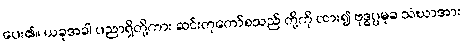
ပေး၏။ ယခုအခါ ပညာရှိတို့ကား ဆင်းတုတော်စသည် တို့ကို ထား၍ ဗုဒ္ဓပ္ပမုခ သံဃာအား
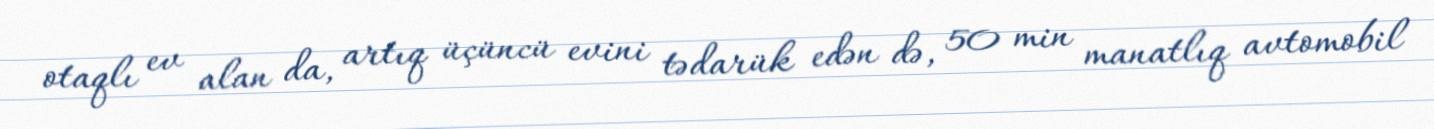
otaqlı ev alan da, artıq üçüncü evini tədarük edən də, 50 min manatlıq avtomobil
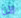
الآن
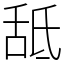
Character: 䑛
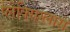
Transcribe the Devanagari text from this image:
प्लेक्सिग्लास
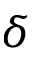
\delta
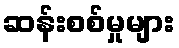
ဆန်းစစ်မှုများ
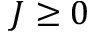
J \geq 0
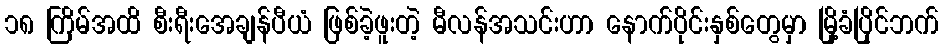
၁၈ ကြိမ်အထိ စီးရီးအေချန်ပီယံ ဖြစ်ခဲ့ဖူးတဲ့ မီလန်အသင်းဟာ နောက်ပိုင်းနှစ်တွေမှာ မြို့ခံပြိုင်ဘက်
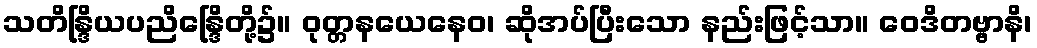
....................
TASK GOAL:
From the line that contains "Character: 䑛" through the last line of the entries, transcribe every line exactly, leaving out the pictures.

SOLUTION:
Character: 䑛
Transcribe the Devanagari text from this image:
प्लेक्सिग्लास
\delta
ဆန်းစစ်မှုများ
J \geq 0
၁၈ ကြိမ်အထိ စီးရီးအေချန်ပီယံ ဖြစ်ခဲ့ဖူးတဲ့ မီလန်အသင်းဟာ နောက်ပိုင်းနှစ်တွေမှာ မြို့ခံပြိုင်ဘက်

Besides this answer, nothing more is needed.